**WORK INSTRUCTION:**
From the line that contains "land use: Agriculture" through the closing line of the entries, write out each line exactly; pictures stay out.

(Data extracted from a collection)
◆ ◆ ◆ ◆ ◆

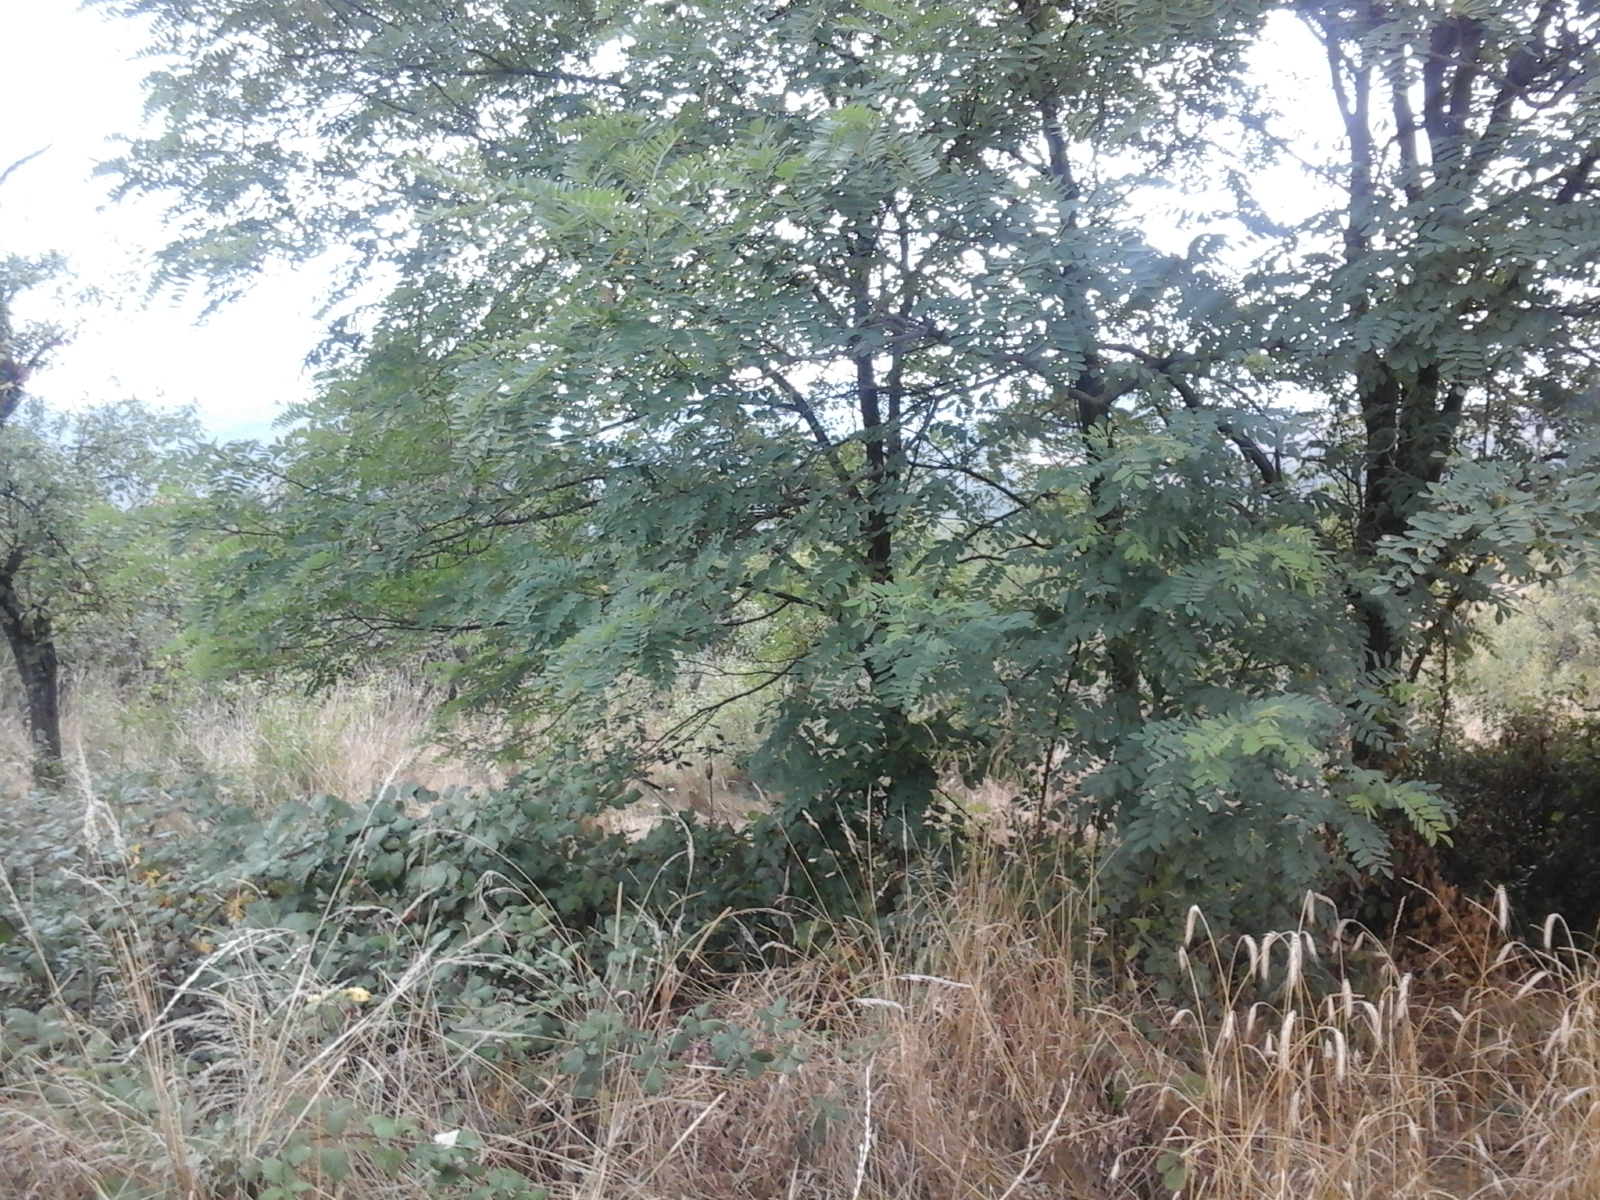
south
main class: Cropland
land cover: Common wheat
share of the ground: > 75 %
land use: Agriculture (excluding fallow land and kitchen gardens)
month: August
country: RO
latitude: 45.2151
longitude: 21.8645
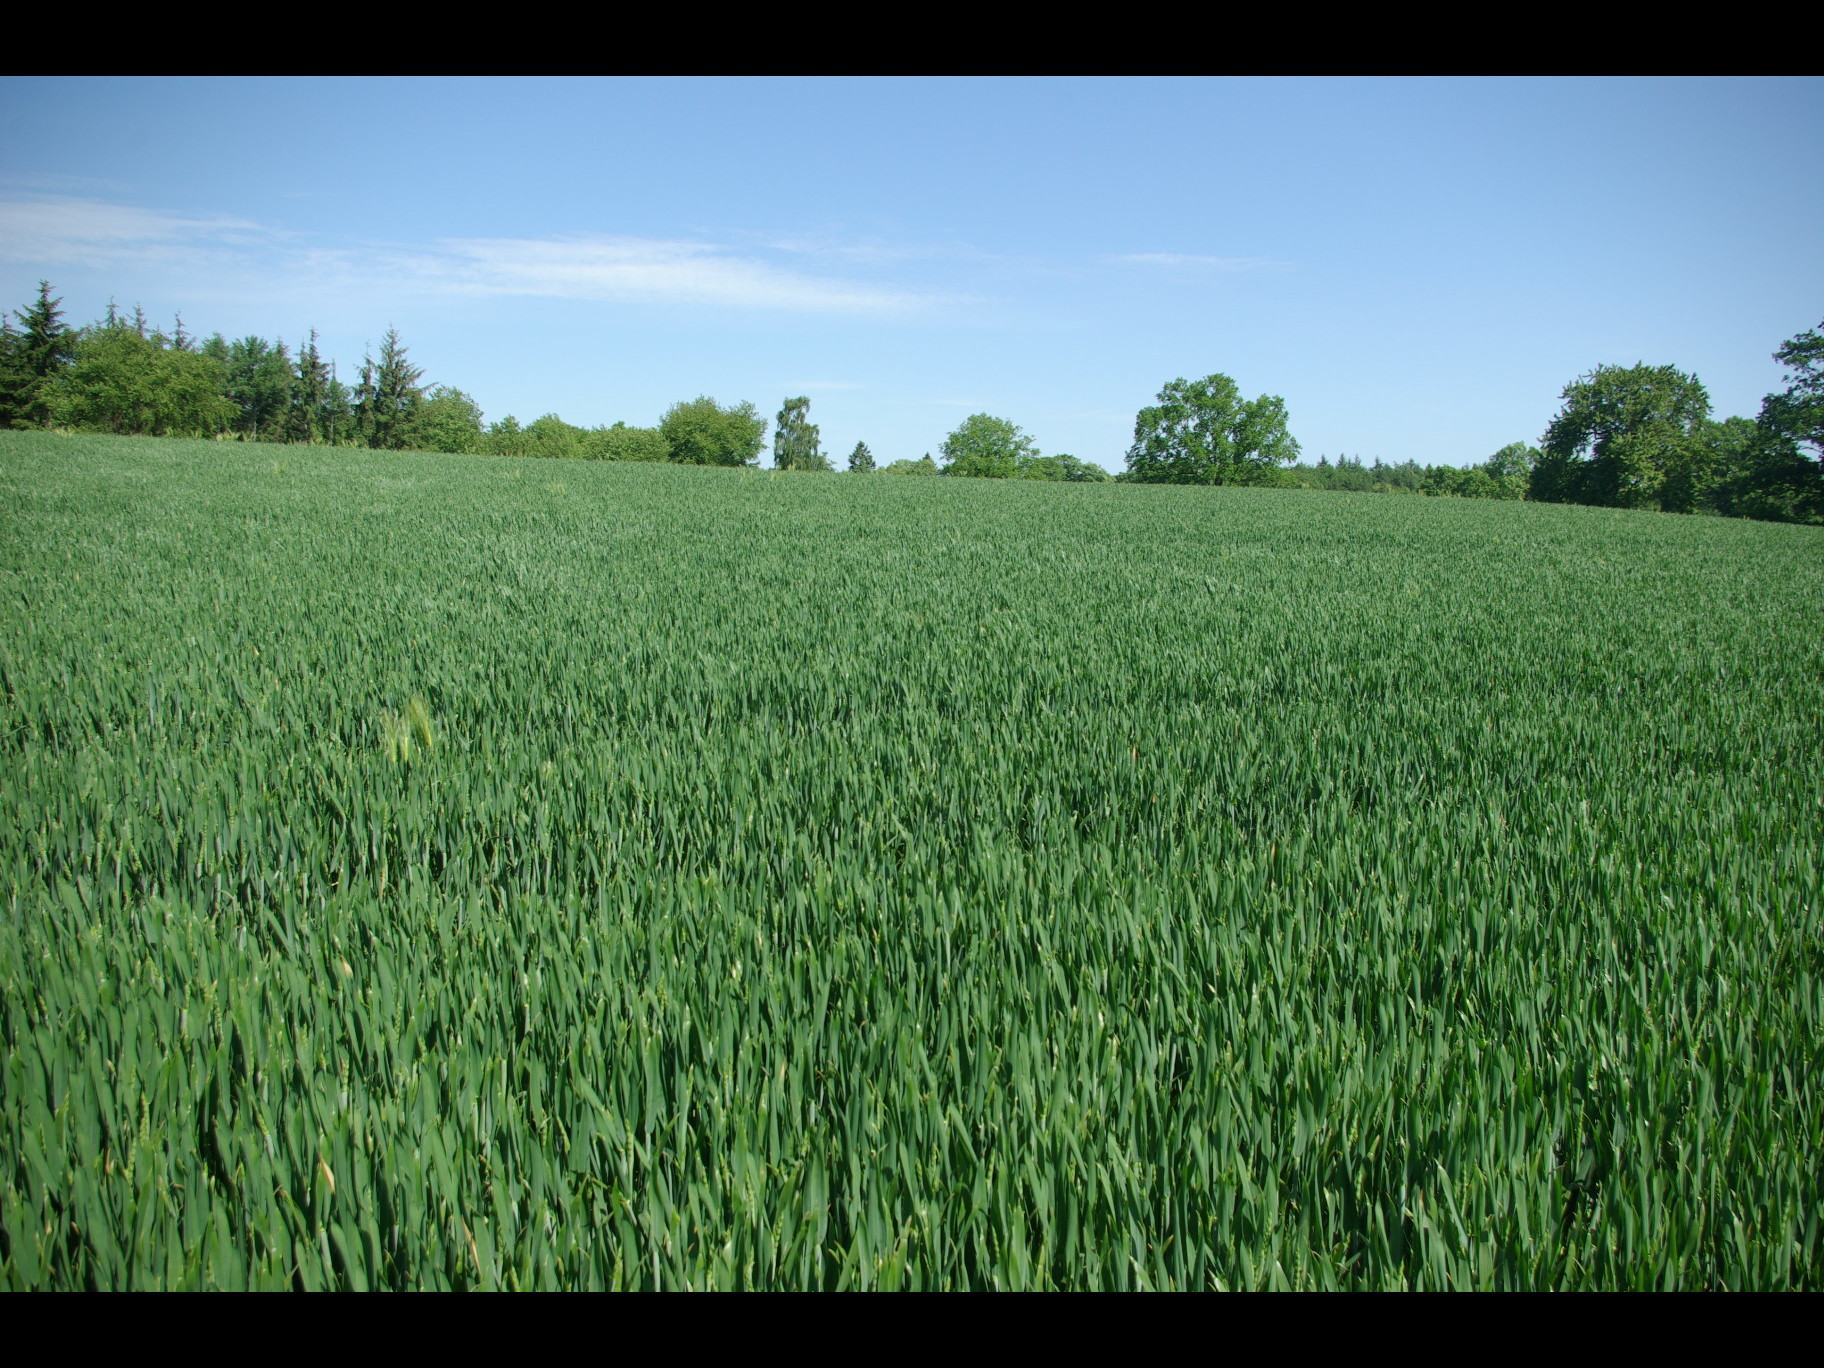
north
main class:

◆ ◆ ◆ ◆ ◆

**FINISHED TASK:**
land use: Agriculture (excluding fallow land and kitchen gardens)
month: August
country: RO
latitude: 45.2151
longitude: 21.8645
north
main class:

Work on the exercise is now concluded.